Letters: 28 June 2015

From Borg to Borgasm

I suggest that our parliamentary secretary for EU funds , Dr Ian Borg,  change his name.

“Borg” as a Maltese surname is as distinctive as a British “Smith” or “Jones.”

Numbers are often said to provide safety.

Safety can also mean obscurity, which is any politician’s bugbear.

If he really wants to stand out in a crowd, at any time of the year, or at any stage of any legislature, a slight adjustment to his name will work wonders.

It will be the name on everybody’s lips.

So, go for it Dr Ian Borg. Don’t you think this will be the hottest name on any roll call?

Yes, Dr Ian Borgasm.

Joe Genovese, Birkirkara

Determining right from wrong

Everybody starts forming an opinion of what is right and wrong from an early age. Most base their judgement on their parents’ beliefs, which is quite often based on the teaching of the parents’ religion. Some base the validity of their beliefs on the number of similar believers – and the more similar believers there are, the more their assumptions become entrenched. Some base their beliefs on a particular political ideology.

Many children are discouraged from asking why a certain law of behaviour should be enforced. Many leaders demand blind obedience and discourage a questioning mind. I still remember what happened to me when, as a young child, I used to ask questions to the catechist. She just refused to sign for me to receive Holy Communion even though I knew all the required knowledge. In the end, another catechist had to sign for me to receive the sacrament.

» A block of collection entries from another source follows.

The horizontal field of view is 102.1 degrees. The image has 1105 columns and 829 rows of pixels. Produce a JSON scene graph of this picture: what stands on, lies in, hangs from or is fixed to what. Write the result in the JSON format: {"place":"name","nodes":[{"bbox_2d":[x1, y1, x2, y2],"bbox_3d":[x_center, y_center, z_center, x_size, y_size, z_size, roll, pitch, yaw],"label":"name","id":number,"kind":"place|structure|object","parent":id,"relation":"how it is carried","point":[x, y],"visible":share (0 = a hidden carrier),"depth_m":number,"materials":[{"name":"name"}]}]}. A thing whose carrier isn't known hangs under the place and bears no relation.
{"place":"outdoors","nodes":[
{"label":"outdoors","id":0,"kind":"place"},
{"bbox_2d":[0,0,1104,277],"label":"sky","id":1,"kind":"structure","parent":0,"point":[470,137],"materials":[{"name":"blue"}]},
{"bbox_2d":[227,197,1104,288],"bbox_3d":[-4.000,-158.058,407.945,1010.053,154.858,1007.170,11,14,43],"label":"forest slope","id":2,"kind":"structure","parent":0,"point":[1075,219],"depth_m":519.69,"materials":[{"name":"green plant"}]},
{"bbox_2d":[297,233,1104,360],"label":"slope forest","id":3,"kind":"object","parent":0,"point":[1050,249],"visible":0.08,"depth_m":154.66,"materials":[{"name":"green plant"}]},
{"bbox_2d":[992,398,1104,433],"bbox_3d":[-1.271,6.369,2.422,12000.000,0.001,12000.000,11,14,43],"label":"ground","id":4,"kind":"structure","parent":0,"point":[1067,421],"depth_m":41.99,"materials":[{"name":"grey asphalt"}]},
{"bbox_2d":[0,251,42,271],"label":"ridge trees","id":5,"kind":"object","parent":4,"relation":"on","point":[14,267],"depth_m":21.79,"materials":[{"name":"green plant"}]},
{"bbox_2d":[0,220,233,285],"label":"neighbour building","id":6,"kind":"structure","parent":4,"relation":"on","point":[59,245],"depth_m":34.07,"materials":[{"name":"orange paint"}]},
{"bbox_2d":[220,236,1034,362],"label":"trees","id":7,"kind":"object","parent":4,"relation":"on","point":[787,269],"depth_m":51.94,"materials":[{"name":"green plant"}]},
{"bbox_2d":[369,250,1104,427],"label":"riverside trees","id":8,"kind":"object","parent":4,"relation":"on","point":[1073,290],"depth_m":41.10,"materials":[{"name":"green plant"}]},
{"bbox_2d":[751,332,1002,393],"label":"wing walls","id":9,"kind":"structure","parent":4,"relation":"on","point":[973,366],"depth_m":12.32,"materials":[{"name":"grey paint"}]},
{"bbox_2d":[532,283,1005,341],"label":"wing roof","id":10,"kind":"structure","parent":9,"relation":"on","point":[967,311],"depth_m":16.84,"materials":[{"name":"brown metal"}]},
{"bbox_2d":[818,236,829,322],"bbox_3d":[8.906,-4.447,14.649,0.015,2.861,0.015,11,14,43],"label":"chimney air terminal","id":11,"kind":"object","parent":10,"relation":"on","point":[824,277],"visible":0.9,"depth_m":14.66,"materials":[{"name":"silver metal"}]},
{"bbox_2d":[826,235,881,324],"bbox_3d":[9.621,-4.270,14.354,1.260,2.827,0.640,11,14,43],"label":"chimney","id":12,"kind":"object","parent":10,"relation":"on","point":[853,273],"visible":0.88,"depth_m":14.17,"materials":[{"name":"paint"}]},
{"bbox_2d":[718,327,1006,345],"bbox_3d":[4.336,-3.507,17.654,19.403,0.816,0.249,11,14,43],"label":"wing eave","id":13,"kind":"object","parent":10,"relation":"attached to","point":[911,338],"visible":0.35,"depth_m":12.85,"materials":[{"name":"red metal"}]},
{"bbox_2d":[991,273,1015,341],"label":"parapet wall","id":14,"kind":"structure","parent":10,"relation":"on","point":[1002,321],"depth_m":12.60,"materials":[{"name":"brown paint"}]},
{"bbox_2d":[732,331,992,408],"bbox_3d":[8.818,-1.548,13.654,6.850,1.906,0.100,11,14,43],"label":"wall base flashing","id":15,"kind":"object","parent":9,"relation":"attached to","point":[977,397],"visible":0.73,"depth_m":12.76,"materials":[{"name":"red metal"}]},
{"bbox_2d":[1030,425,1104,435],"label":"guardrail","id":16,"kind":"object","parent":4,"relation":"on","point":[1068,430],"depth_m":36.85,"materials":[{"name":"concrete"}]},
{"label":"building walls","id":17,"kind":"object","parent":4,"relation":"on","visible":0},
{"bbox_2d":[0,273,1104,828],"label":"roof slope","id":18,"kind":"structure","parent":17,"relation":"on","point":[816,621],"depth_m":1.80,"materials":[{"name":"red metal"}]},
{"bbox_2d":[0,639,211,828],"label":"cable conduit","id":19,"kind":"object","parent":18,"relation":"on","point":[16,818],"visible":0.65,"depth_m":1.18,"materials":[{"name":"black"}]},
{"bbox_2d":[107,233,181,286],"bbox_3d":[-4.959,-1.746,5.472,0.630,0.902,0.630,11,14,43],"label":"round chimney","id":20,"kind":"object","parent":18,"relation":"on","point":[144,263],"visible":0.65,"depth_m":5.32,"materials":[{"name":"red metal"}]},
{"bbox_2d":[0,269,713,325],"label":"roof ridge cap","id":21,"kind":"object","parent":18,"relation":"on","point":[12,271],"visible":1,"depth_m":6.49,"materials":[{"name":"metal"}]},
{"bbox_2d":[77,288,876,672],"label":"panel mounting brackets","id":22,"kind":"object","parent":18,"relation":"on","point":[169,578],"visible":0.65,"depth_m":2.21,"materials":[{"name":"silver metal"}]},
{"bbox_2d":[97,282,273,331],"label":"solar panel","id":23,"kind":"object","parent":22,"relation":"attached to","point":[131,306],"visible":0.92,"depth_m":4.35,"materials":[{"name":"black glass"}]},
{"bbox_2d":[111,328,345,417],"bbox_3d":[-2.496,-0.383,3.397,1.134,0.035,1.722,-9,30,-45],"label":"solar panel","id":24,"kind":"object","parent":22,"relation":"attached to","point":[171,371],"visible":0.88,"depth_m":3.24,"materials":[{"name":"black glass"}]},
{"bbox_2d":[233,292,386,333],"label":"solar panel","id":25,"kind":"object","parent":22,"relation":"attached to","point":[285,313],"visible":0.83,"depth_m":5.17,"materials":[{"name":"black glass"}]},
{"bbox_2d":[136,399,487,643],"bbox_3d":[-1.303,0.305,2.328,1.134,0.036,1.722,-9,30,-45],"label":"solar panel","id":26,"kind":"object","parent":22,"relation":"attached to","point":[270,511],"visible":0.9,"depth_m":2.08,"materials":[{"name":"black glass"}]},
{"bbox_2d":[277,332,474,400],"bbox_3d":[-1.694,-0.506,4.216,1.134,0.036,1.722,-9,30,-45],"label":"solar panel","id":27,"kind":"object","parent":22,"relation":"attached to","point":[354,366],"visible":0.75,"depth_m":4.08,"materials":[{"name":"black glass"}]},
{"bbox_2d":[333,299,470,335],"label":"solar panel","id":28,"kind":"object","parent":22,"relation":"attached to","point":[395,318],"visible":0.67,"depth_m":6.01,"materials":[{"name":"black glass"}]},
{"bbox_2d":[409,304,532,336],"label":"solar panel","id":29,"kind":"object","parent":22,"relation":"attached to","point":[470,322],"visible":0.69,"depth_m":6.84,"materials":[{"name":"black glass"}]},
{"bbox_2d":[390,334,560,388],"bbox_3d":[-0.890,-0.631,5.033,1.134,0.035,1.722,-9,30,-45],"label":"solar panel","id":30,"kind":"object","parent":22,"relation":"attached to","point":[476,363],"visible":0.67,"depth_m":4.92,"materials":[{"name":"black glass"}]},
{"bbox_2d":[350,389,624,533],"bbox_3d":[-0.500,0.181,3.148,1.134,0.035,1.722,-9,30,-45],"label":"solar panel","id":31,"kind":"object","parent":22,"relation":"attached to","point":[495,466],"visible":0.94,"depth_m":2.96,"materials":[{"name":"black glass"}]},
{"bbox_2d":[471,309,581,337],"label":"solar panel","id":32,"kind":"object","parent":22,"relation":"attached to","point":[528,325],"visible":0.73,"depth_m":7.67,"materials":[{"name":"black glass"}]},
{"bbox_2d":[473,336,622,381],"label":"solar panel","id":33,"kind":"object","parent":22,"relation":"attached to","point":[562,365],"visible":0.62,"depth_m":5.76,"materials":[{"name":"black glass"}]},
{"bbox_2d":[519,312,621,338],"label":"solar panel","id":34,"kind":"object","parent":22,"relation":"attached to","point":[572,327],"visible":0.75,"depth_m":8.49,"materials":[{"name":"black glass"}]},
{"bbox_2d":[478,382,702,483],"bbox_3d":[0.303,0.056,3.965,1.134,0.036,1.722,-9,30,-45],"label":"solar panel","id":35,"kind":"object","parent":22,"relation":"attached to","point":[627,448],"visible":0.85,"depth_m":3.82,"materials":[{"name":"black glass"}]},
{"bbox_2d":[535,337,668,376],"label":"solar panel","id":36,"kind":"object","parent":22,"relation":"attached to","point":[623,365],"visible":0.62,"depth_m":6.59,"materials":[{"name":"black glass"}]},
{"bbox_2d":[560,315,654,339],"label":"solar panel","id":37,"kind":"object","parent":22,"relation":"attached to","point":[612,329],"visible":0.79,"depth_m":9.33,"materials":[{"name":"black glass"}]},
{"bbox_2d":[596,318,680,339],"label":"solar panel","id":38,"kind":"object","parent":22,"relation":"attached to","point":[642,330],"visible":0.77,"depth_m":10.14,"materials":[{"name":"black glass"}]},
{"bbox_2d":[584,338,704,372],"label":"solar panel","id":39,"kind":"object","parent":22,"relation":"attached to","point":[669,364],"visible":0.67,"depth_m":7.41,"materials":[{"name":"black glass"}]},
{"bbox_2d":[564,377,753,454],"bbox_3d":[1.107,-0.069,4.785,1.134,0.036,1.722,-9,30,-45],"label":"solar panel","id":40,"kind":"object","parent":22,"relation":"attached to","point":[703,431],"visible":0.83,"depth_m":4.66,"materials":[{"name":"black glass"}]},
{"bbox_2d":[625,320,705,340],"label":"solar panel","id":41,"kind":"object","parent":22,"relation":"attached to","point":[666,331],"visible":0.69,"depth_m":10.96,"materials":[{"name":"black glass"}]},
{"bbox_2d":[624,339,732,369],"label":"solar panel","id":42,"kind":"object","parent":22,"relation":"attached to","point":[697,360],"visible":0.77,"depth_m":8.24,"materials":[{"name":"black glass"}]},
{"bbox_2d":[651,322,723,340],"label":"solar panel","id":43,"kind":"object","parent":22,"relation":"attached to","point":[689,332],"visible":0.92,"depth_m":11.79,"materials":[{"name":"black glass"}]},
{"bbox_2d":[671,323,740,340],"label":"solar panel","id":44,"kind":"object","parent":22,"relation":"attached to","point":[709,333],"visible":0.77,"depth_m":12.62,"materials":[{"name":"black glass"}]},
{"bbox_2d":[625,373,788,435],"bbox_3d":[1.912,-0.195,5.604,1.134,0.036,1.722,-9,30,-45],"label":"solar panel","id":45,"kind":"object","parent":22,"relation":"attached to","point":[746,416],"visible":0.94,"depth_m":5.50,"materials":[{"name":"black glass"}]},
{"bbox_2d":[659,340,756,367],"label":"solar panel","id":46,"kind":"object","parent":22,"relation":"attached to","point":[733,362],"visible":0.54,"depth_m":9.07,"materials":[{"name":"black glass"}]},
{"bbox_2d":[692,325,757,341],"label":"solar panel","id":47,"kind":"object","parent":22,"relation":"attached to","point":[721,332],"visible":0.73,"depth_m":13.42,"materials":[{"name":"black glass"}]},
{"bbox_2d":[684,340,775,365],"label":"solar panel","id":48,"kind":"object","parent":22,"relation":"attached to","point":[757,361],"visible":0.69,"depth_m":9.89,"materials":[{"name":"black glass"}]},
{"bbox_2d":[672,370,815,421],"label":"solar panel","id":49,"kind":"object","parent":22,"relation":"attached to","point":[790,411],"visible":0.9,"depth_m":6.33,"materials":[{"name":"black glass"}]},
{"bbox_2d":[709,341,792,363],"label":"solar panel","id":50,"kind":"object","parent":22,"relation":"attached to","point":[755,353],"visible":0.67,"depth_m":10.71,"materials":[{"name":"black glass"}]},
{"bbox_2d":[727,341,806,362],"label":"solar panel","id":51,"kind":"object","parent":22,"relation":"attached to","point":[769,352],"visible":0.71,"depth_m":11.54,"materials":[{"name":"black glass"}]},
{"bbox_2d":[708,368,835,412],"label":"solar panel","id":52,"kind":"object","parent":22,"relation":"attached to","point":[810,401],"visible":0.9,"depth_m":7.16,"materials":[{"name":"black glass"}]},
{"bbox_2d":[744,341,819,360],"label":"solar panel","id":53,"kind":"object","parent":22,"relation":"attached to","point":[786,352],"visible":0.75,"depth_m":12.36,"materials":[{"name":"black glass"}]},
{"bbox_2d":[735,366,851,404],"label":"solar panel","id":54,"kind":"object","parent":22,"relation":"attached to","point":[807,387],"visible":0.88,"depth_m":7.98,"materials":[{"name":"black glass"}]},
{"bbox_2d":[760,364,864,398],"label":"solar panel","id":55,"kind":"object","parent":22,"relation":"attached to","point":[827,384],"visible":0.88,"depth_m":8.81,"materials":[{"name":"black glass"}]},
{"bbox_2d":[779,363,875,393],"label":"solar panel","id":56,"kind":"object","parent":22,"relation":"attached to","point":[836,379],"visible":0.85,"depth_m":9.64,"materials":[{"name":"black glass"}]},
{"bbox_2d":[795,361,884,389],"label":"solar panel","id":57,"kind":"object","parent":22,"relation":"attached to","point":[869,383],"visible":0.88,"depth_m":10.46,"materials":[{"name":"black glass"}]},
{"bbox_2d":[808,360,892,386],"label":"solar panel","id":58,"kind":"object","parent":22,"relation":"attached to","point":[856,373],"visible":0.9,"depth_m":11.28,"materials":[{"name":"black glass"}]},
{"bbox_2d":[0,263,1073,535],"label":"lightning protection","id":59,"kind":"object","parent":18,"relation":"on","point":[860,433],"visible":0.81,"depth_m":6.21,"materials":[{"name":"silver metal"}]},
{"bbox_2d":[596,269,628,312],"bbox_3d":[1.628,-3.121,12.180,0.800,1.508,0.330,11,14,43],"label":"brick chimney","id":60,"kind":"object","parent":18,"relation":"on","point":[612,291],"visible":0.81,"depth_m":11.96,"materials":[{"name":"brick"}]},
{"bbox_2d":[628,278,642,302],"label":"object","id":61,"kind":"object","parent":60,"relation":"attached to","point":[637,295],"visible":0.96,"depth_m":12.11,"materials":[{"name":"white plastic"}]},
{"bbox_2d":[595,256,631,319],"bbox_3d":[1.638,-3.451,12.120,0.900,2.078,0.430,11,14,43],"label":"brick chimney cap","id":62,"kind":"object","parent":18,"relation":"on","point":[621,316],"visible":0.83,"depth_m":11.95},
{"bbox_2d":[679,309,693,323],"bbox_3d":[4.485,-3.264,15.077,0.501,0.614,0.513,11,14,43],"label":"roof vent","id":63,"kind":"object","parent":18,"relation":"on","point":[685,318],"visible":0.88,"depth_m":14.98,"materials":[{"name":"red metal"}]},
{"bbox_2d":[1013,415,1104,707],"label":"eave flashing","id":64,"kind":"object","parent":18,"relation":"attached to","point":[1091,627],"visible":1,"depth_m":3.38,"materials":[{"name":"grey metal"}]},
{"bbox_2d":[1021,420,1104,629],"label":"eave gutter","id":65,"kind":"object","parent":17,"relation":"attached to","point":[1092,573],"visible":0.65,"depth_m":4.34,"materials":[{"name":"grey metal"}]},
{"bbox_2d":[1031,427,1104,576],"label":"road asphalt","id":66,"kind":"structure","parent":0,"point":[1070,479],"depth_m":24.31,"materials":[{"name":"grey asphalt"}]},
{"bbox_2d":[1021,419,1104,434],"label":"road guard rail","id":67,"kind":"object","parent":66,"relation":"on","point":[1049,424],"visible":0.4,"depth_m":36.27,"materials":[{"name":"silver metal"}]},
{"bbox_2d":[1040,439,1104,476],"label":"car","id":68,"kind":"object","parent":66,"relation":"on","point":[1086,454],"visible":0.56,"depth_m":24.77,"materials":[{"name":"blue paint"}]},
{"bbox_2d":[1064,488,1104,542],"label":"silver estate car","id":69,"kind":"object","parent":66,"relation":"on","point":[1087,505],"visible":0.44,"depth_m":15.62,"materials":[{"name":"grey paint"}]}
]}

Many leaders, to enforce their ideas on their followers, attribute their ideas to some high authority. Some do so to God her/himself. As a matter of fact, at one time the church had to declare that certain teachings were not the word of Jesus or the Holy Spirit. These teachings are called apocryphal. This practice of attributing certain laws to God etc., is still practised today. One would not be mistaken to believe that such a habit was practised in Old Testament days, and that the Church just missed declaring certain Old Testament books – such as the Genesis – as apocryphal.

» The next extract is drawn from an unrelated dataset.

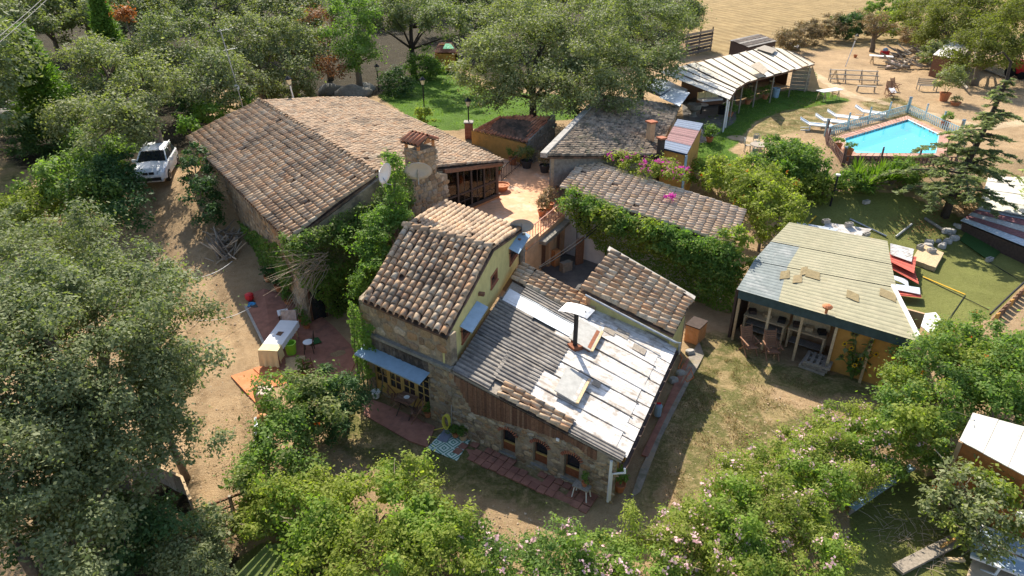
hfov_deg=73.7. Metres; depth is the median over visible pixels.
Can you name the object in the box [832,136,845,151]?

Schools should teach students to ask why a law is enforced, so that when it’s no longer needed, they would find no qualms in abandoning said law.

It is the citizens who should determine what is good or bad for a current situation. The future generation should be nurtured  to establish the laws of right or wrong in accordance with their circumstances. We should stop imposing antiquated laws on the future generations.

There is nothing intrinsically right or wrong, but everything depends on the circumstances, so many laws cannot be but provisional.

Some laws are anti-social and oppressive and it is our duty not to impose them on the future generations.

We should not trust priests and scientists to establish ethical values, or better still, citizenship studies.

Many people trust one of these categories blindly but both of these categories have vested interests. One has to remember that the greater a con artist is, the more likable and respected he is.

Priests should not be trusted with this task, as quite often their first reaction to something new is negative. We have vast examples of this in history. On the other hand many scientists first proclaim a discovery, and then they say that there might be ethical problems in implementing it, quite often, so that they would sell it to very rich people through the black market. Then when the rich market is exhausted, the ethical problem vanishes and the market is opened to the middle class… and so it goes.

The ideal law would be one in which the interest of others is also the interest of the individual. That’s why I do not believe that ethical professionals, quite often self-styled or with questionable qualifications, should teach ethics. I prefer the teaching of citizenship.

Also I consider this topic is far too dangerous to be subjected to exams. Many exam results are subjective. I still remember my level, of let’s say the English language, used to fluctuate from very high to low depending on whether I reflected the beliefs of the examiner in question.

Exams in ethics might very likely serve to enforce certain attitudes.

I know that this subject is a new area in our culture and I am very grateful to the people working on it, but I advise caution, so that we do not change one dictatorial system with another.

Josephine Gatt-Ciancio, Kalkara

Illegal dumping in Naxxar quarry

An unused quarry in Naxxar is slowly but surely being turned into a dump site by a construction contractor.

This contractor has access to the quarry and uses the adjacent area to store machinery and construction material, apart from having some farm animals.

Mixed construction waste is being dumped into the quarry and the tell tale signs are the towers of debris running from the bottom to the top of the quarry.